- [TASK DESCRIPTION] Leave out the pictures and copy every record exactly.

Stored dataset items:
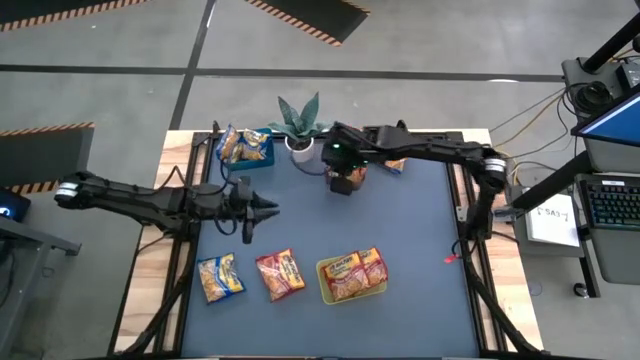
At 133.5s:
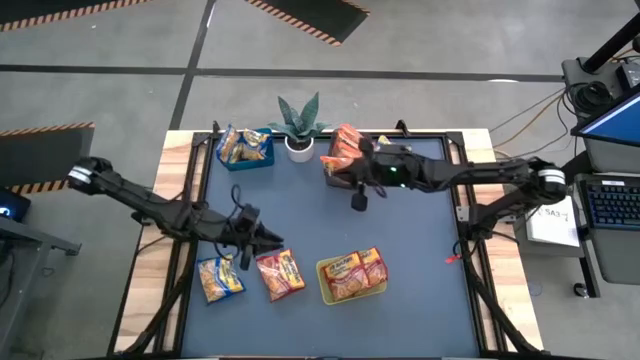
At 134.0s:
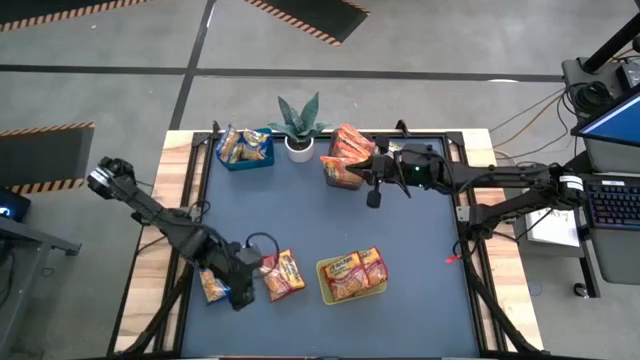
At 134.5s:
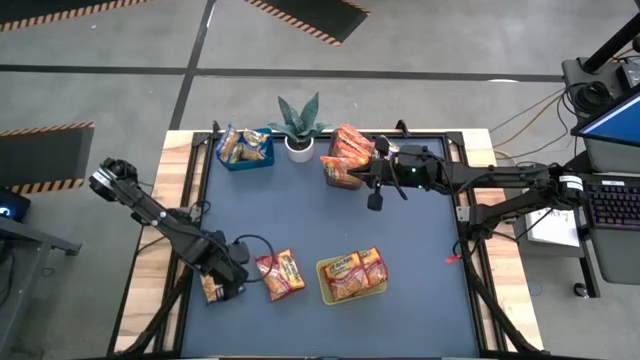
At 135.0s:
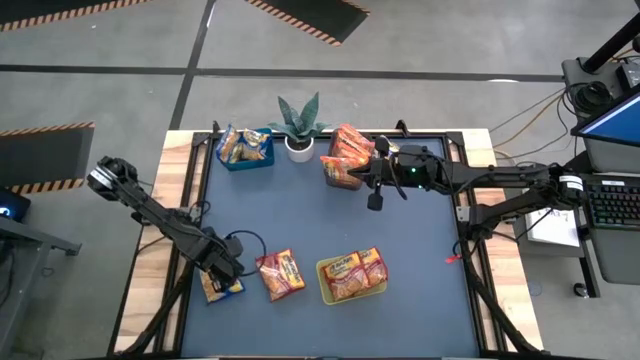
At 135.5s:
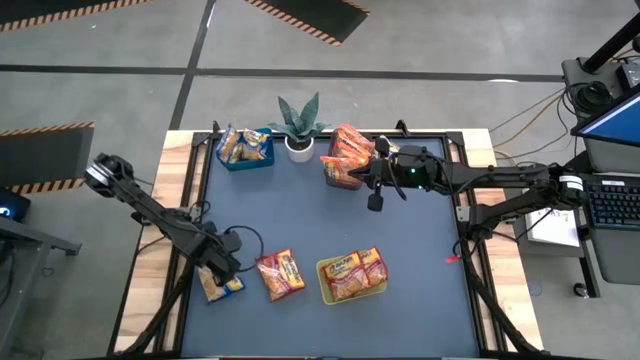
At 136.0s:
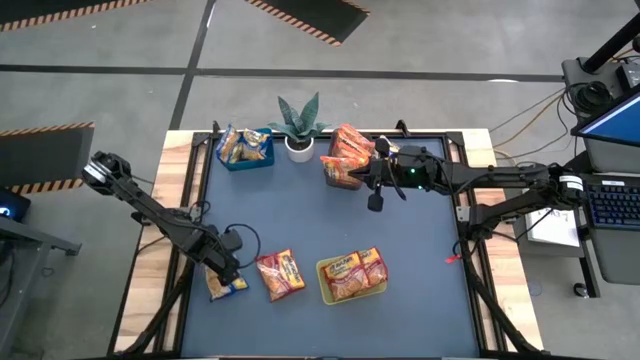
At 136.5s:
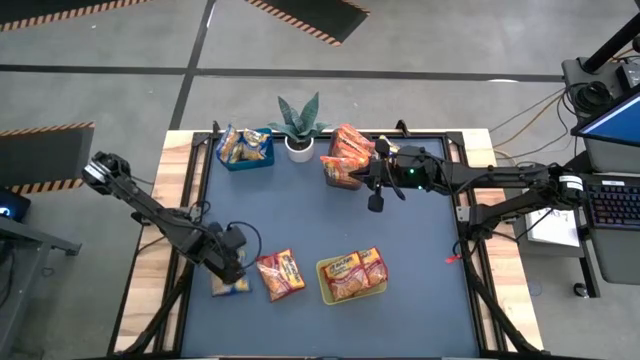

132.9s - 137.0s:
Task: Sort Maruchan noodles
Put the blue bag into the blue bin

- [SOLUTION BELOW]
At 133.5s:
At 134.0s:
At 134.5s:
At 135.0s:
At 135.5s:
At 136.0s:
At 136.5s:

132.9s - 137.0s:
Task: Sort Maruchan noodles
Put the blue bag into the blue bin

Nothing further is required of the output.